→ Problem to work on
Where does the string "fill" appear in the records? Copy each line that holds it.

Dataset entries:

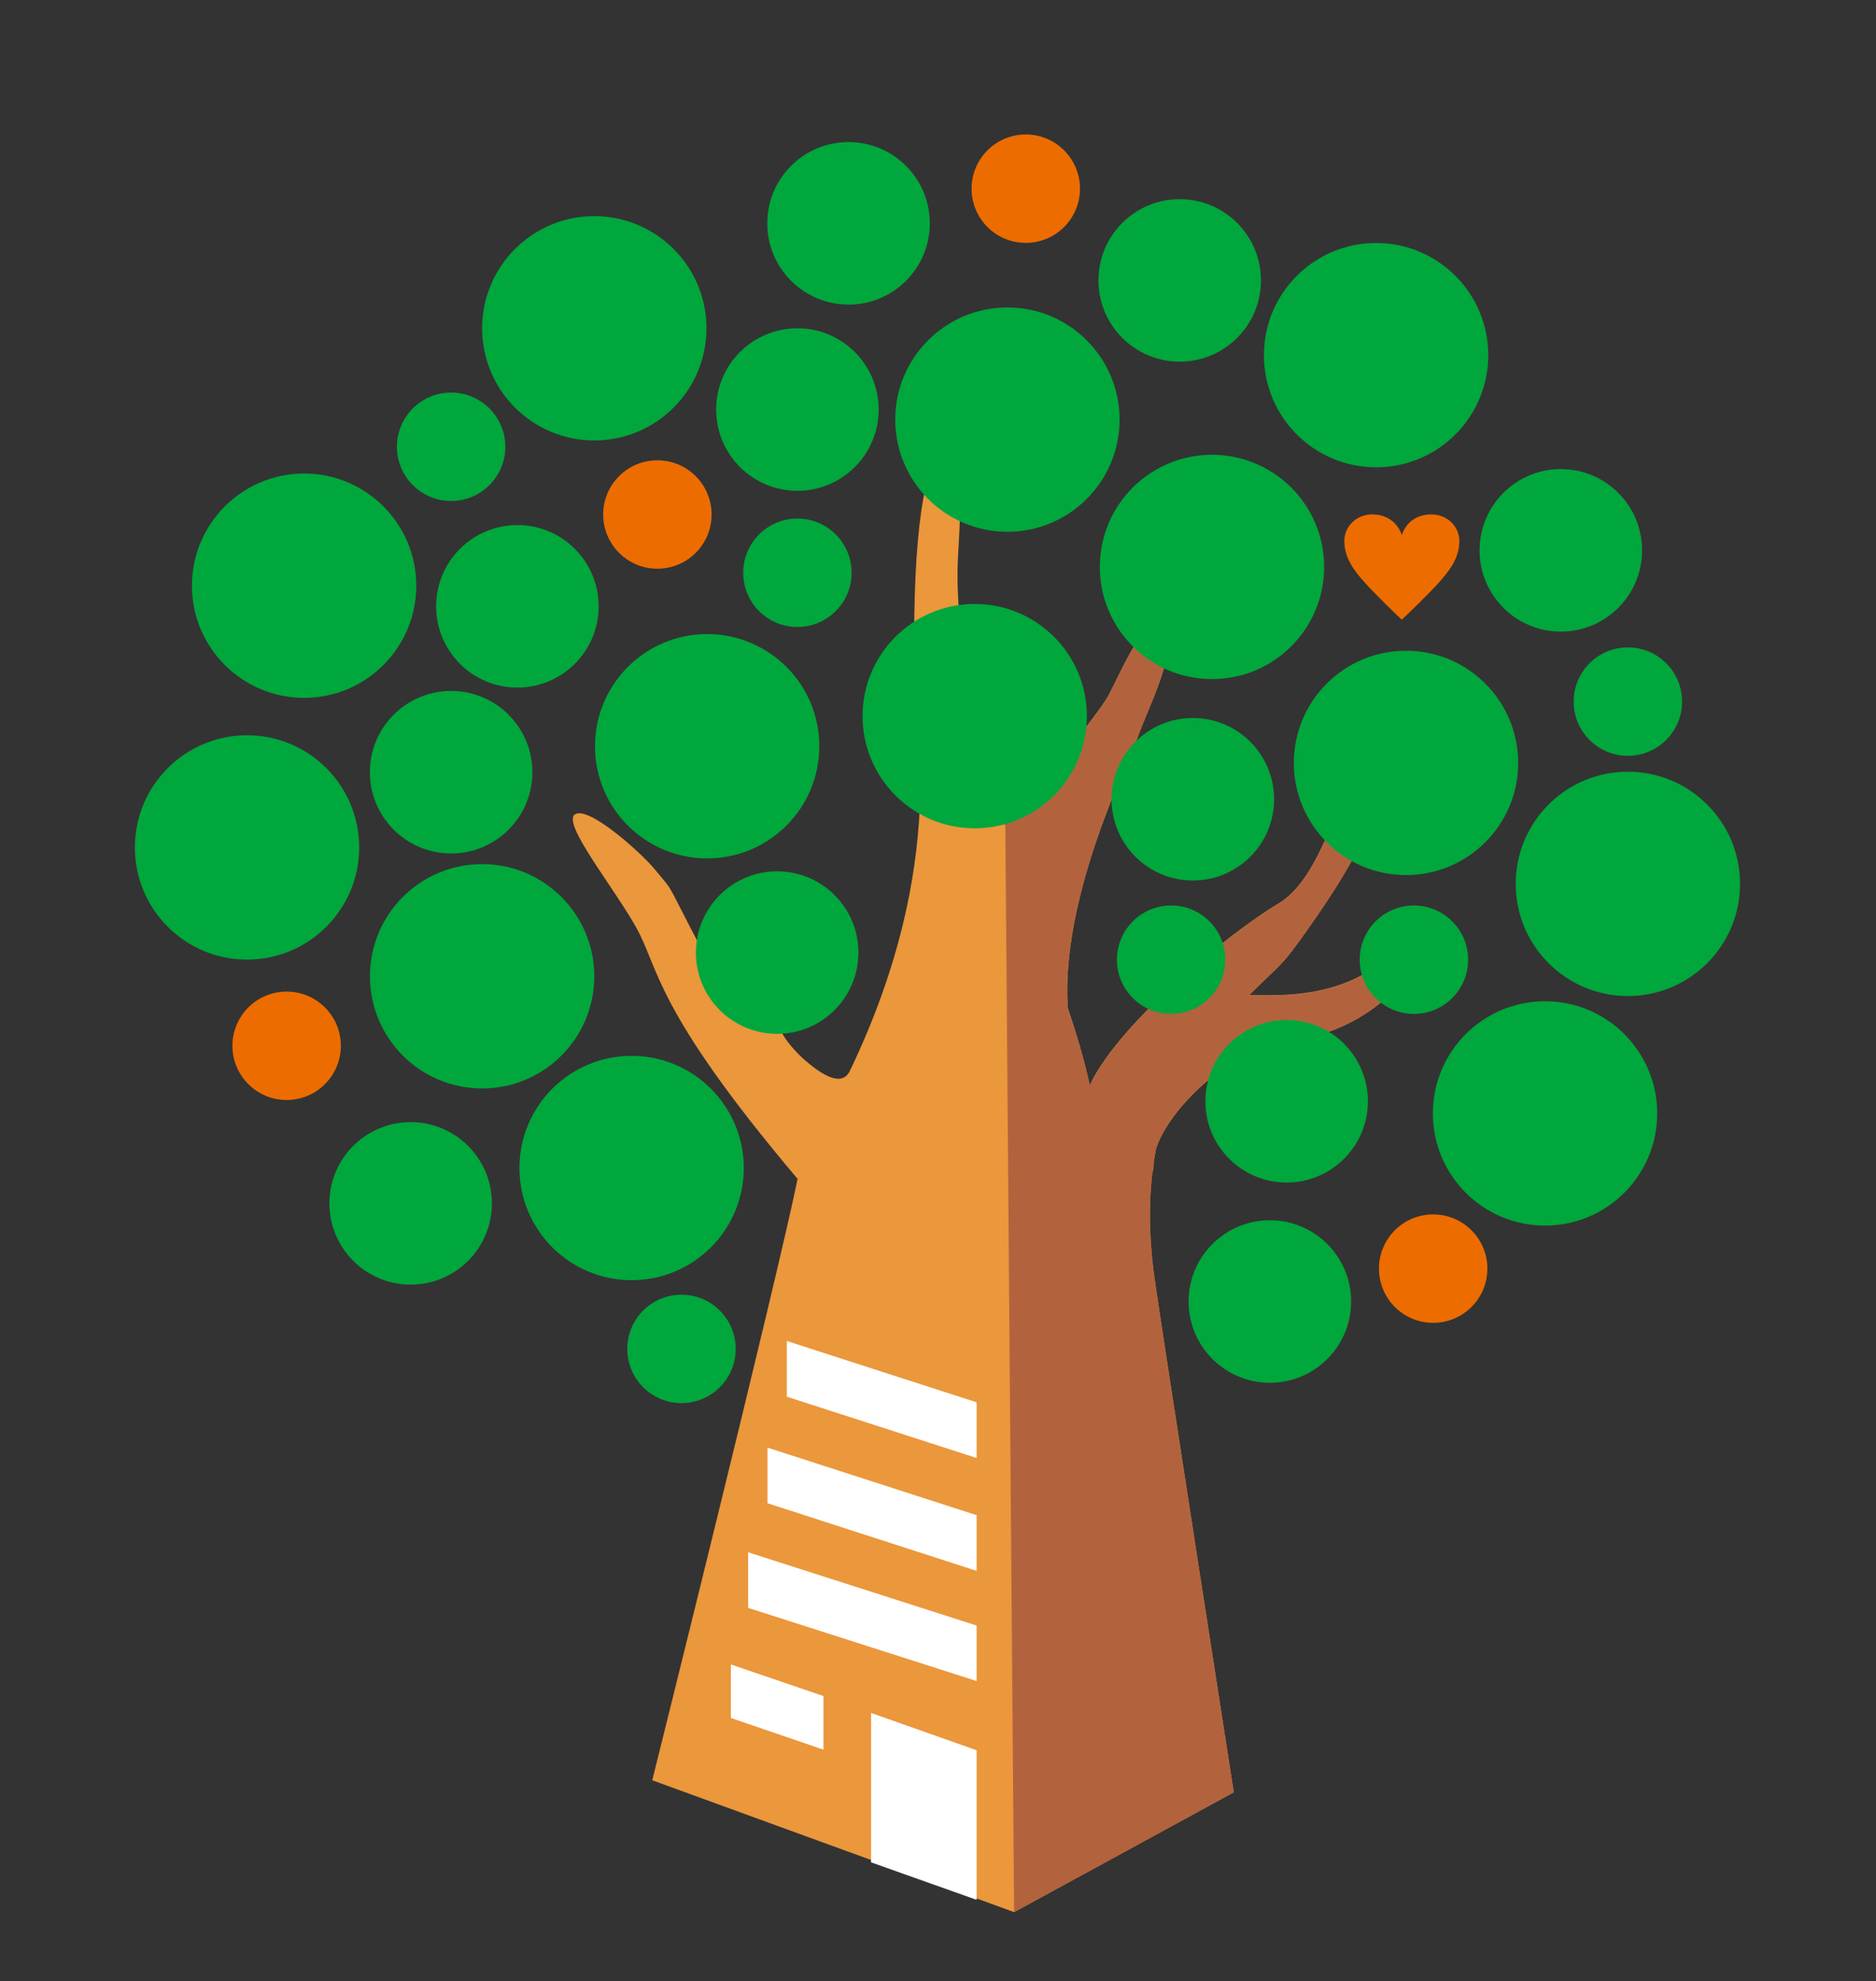 <?xml version="1.0" encoding="utf-8"?>
<!-- Generator: Adobe Illustrator 23.0.1, SVG Export Plug-In . SVG Version: 6.00 Build 0)  -->
<svg version="1.1" id="レイヤー_1" xmlns="http://www.w3.org/2000/svg" xmlns:xlink="http://www.w3.org/1999/xlink" x="0px"
	 y="0px" viewBox="0 0 190 200.64" style="enable-background:new 0 0 190 200.64;" xml:space="preserve">
<rect x="0" y="0" width="190" height="200.64" fill="#333333" stroke="none"/>
<style type="text/css">
	.st0{fill:#EB973B;}
	.st1{fill:#B2633E;}
	.st2{fill:#FFFFFF;}
	.st3{fill:#00A73C;}
	.st4{fill:#ED6C00;}
</style>
<g>
	<g>
		<path class="st0" d="M140.47,97c-4.77,4.16-10.75,3.81-13.96,3.79c3.46-3.47,3.11-2.67,5.92-6.65c3.55-5.03,9.16-13.52,4.86-14.39
			c-1.87,0-3.18,9.02-7.85,11.79s-16.08,11.96-19.07,18.38c-0.58-2.68-1.35-5.21-2.23-7.85l0,0c-0.74-11.41,6.35-25.26,7.19-27.69
			s4.21-8.92,2.52-10.83c-1.68-1.91-4.21,4.33-5.61,6.93c-1.25,2.31-10.4,13.2-10.42,13.09c-2.93-12.14-5.32-18.98-4.76-27.82
			c0.45-7.06,0.04-8.93-1.65-9.28s-2.99,7.8-2.8,20.11c0,6.59,3.6,20.66-6.5,41.81c-0.81,1.82-2.91,0.46-4.75-1.15
			c-4.88-4.55-2.36-7.23-1.7-10.04c0.84-3.55-0.06-16.7-5.42,3.91c-1.96-2.46-4.21-6.93-5.05-8.58c-1.68-3.29-1.26-2.51-2.9-4.51
			c-1.33-1.62-6.64-6.41-8.04-5.55c-1.4,0.87,3.83,7.27,6.17,11.44c2.34,4.17,1.78,8.24,16.36,25.49
			c-2.06,10.14-14.72,60.91-14.72,60.91l36.64,13.35l22.25-12.14c0,0-7.29-46.81-8.04-52.18c-0.35-2.53-0.7-6.4-0.2-10.62
			c0.09-0.18,0.13-0.48,0.12-0.92c0.07-0.48,0.16-0.97,0.25-1.46c1.3-4.02,7.48-10.24,13.84-11c7.2-0.87,11.03-5.72,12.34-7.19
			C144.59,96.65,145.24,92.84,140.47,97z"/>
		<path class="st1" d="M116.92,129.34c-0.35-2.53-0.7-6.4-0.2-10.62c0.09-0.18,0.13-0.48,0.12-0.92c0.07-0.48,0.16-0.97,0.25-1.46
			c1.3-4.02,7.48-10.24,13.84-11c7.2-0.87,11.03-5.72,12.34-7.19s1.96-5.29-2.8-1.13c-4.77,4.16-10.75,3.81-13.96,3.79
			c3.46-3.47,3.11-2.67,5.92-6.65c3.55-5.03,9.16-13.52,4.86-14.39c-1.87,0-3.18,9.02-7.85,11.79s-16.08,11.96-19.07,18.38
			c-0.58-2.68-1.35-5.21-2.23-7.85l0,0c-0.74-11.41,6.35-25.26,7.19-27.69s4.21-8.92,2.52-10.83c-1.68-1.91-4.21,4.33-5.61,6.93
			c-1.25,2.31-10.4,13.2-10.42,13.09l0.89,110.09l22.25-12.14C124.96,181.52,117.66,134.71,116.92,129.34z"/>
		<polygon class="st2" points="88.22,188.62 88.22,173.49 98.91,177.27 98.91,192.42 		"/>
		<polygon class="st2" points="74.02,174 74.02,168.58 83.4,171.78 83.4,177.21 		"/>
		<polygon class="st2" points="75.77,162.85 75.77,157.22 98.91,164.64 98.91,170.26 		"/>
		<polygon class="st2" points="77.73,152.25 77.73,146.62 98.91,153.46 98.91,159.1 		"/>
		<polygon class="st2" points="79.69,135.82 79.69,141.46 98.91,147.67 98.91,142.03 		"/>
	</g>
	<circle class="st3" cx="63.97" cy="118.3" r="11.36"/>
	<circle class="st3" cx="48.83" cy="98.88" r="11.36"/>
	<circle class="st3" cx="164.87" cy="89.52" r="11.36"/>
	<circle class="st3" cx="122.75" cy="57.42" r="11.36"/>
	<circle class="st3" cx="102.03" cy="42.5" r="11.36"/>
	<circle class="st3" cx="60.19" cy="33.25" r="11.36"/>
	<circle class="st3" cx="98.72" cy="72.53" r="11.36"/>
	<circle class="st3" cx="142.4" cy="77.27" r="11.36"/>
	<circle class="st3" cx="139.37" cy="35.97" r="11.36"/>
	<circle class="st3" cx="156.48" cy="112.77" r="11.36"/>
	<circle class="st3" cx="25.02" cy="85.83" r="11.36"/>
	<circle class="st3" cx="30.8" cy="59.32" r="11.36"/>
	<circle class="st3" cx="71.62" cy="75.58" r="11.36"/>
	<circle class="st3" cx="41.59" cy="121.88" r="8.23"/>
	<circle class="st3" cx="80.76" cy="41.48" r="8.23"/>
	<circle class="st3" cx="78.71" cy="96.48" r="8.23"/>
	<circle class="st3" cx="85.94" cy="22.62" r="8.23"/>
	<circle class="st3" cx="120.81" cy="80.95" r="8.23"/>
	<circle class="st3" cx="158.08" cy="55.74" r="8.23"/>
	<circle class="st3" cx="130.31" cy="111.54" r="8.23"/>
	<circle class="st3" cx="128.61" cy="131.82" r="8.23"/>
	<circle class="st3" cx="119.48" cy="28.4" r="8.23"/>
	<circle class="st3" cx="52.4" cy="61.41" r="8.23"/>
	<circle class="st3" cx="45.69" cy="78.21" r="8.23"/>
	<circle class="st3" cx="69.02" cy="136.62" r="5.49"/>
	<circle class="st4" cx="29.03" cy="105.92" r="5.49"/>
	<circle class="st3" cx="80.76" cy="58.01" r="5.49"/>
	<circle class="st3" cx="45.69" cy="45.25" r="5.49"/>
	<circle class="st4" cx="66.58" cy="52.11" r="5.49"/>
	<circle class="st4" cx="103.89" cy="19.11" r="5.49"/>
	<circle class="st3" cx="143.2" cy="97.2" r="5.49"/>
	<circle class="st3" cx="118.61" cy="97.2" r="5.49"/>
	<circle class="st3" cx="164.87" cy="71.06" r="5.49"/>
	<circle class="st4" cx="145.15" cy="128.49" r="5.49"/>
	<g>
		<path class="st4" d="M141.96,62.75c-0.54-0.49-2.61-2.51-3.66-3.66c-1.09-1.21-2.15-2.52-2.15-4.3c0-1.5,1.26-2.69,2.83-2.69
			c1.39,0,2.53,0.74,2.99,2.08h0.01c0.48-1.41,1.65-2.08,2.99-2.08c1.57,0,2.83,1.19,2.83,2.69c0,1.78-1.06,3.09-2.15,4.3
			c-1.04,1.15-3.13,3.17-3.67,3.66H141.96z"/>
	</g>
</g>
</svg>

→ Completed task
<rect x="0" y="0" width="190" height="200.64" fill="#333333" stroke="none"/>
	.st0{fill:#EB973B;}
	.st1{fill:#B2633E;}
	.st2{fill:#FFFFFF;}
	.st3{fill:#00A73C;}
	.st4{fill:#ED6C00;}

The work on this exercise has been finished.